USDA's proposal includes significant expansion of current initiatives to assist foreign trade in specialty crops through the Technical Assistance for Specialty Crops (TASC) and the Market Access Program (MAP). To further assist in expanding trade opportunities, the agency's proposal calls for improvements to address phytosanitary restrictions on trade, participate in international standards-setting bodies, and provide assistance in trade disputes and legal challenges.
The USDA proposal would take strong steps to increase the consumption of fruits and vegetables by the public and in federal feeding and school lunch programs.
For its part, the Greenfield, Mass.-based Organic Trade Association (OTA) called the proposals for organic agriculture a good step in the right direction, but cautioned that organic farmers need more resources to meet the needs of domestic and worldwide markets.
"While organic farmers and the rest of the organic business community appreciate being mentioned in the proposal, organic farmers need a farm bill that reflects a farm-to-table strategy," said Caren Wilcox, OTA's executive director.
"OTA proposed a comprehensive plan to integrate organic production into USDA's many programs.
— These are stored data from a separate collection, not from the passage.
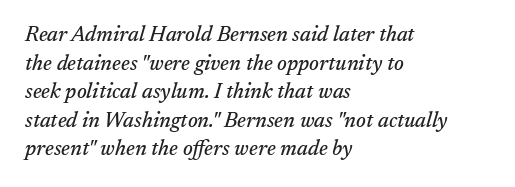
{"italic": "yes", "lean": "right", "slant_degrees": 17, "underline": "no", "align": "left", "line_spacing": "normal", "line_spacing_ratio": 1.36, "letter_spacing": "normal", "letter_spacing_em": 0.0, "glyph_px": 21}
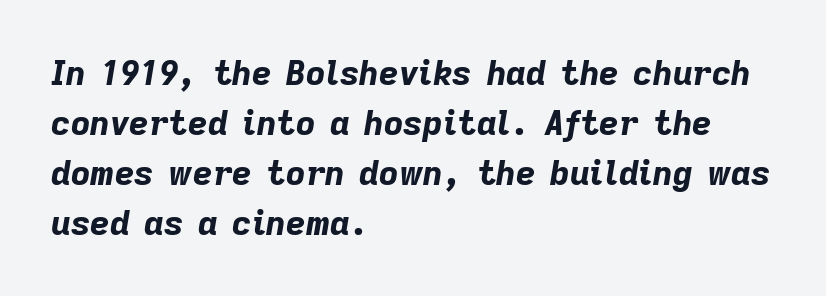
The image shows 34 px bold type, italic (leaning right); set left-aligned, normal line spacing (1.47x), normal letter spacing, not underlined; low stroke contrast and a medium x-height.
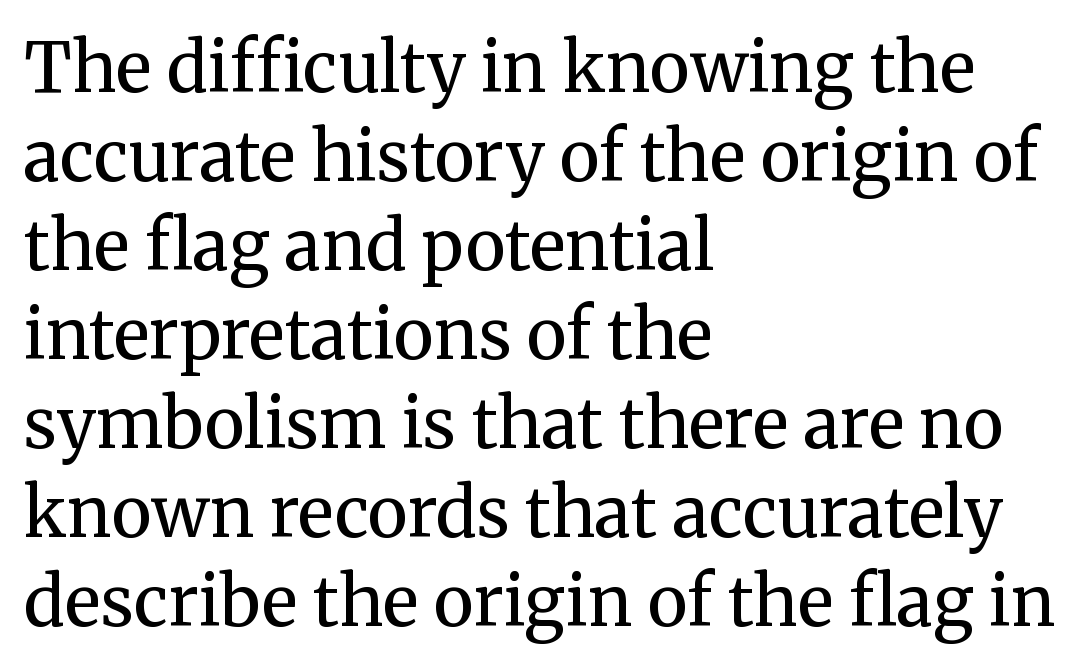
Q: Is the text bold? A: No.
Q: Is the text italic (slanted)? A: No, it is upright.
Q: Is the typeface a serif or a sans-serif typeface? A: Serif.
Q: Is the text underlined? A: No.
Q: How is the paragraph aligned? A: Left-aligned.
Q: Is the spacing between letters normal or unusually wide? A: Normal.
Q: Is the spacing between lines tight, normal or loose? A: Normal.
Q: Width (condensed, normal, or wide)? A: Normal.
Q: Stroke contrast? A: Medium.
Q: x-height? A: Medium.
Q: Monospaced? A: No.
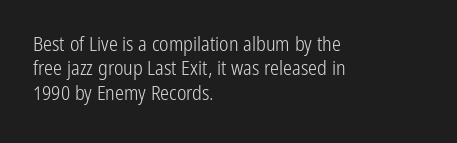
{"italic": "no", "bold": "no", "underline": "no", "align": "left", "line_spacing_ratio": 1.22, "letter_spacing": "normal", "letter_spacing_em": 0.0, "glyph_px": 20}
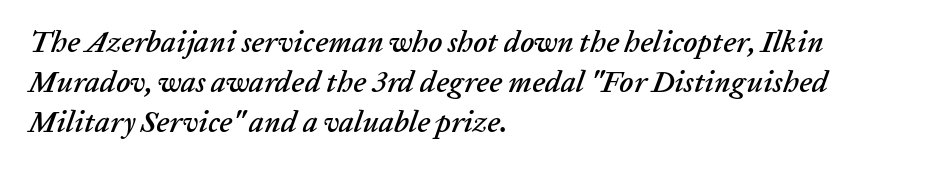
{"italic": "yes", "lean": "right", "slant_degrees": 20, "width": "normal", "stroke_contrast": "low", "x_height": "medium", "monospaced": "no", "underline": "no", "align": "left", "line_spacing": "normal", "line_spacing_ratio": 1.33, "letter_spacing": "normal", "letter_spacing_em": 0.0, "glyph_px": 30}

Organic farmers need access to the same resources that conventional farmers receive from USDA," a few of which Wilcox says it acknowledged.
The International Dairy Foods Association (IDFA), meanwhile, expressed deep disappointment with the 2007 Farm Bill proposal, which continues to maintain the Dairy Price Support Program and embraces the Milk Income Loss Contract (MILC) program -- the latter of which IDFA describes as a poorly conceived, regionally divisive payment program linked to price and production.
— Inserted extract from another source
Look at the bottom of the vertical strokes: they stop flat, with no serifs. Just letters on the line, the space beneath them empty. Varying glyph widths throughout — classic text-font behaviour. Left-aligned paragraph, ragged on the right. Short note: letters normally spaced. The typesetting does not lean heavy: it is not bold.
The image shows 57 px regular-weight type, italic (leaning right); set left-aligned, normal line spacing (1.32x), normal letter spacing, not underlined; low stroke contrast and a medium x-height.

"The administration's proposal keeps dairy policies stuck in the 1930s and '40s," said Chip Kunde, IDFA s.v.p.
"Overall, specialty crops account for nearly 50 percent of domestic farm gate crop value, but receive very little consideration in the current farm bill," said John Keeling, e.v.p./c.e.o., National Potato Council and co-chair of the Specialty Crop Farm Bill Alliance (SCFBA), a national coalition of more than 80 specialty crop grower organizations. "We believe the administration’s farm bill proposals begin to focus the appropriate attention on specialty crops, and emphasize the importance of these crops to the economic well-being of U.S. agriculture."
Mike Stuart, president of the Florida Fruit and Vegetable Association and SCFBA co-chair, said specialty crop growers across the country "are appreciative of USDA for taking important first steps to address the needs of specialty crop producers as they work to improve the competitiveness of our industry.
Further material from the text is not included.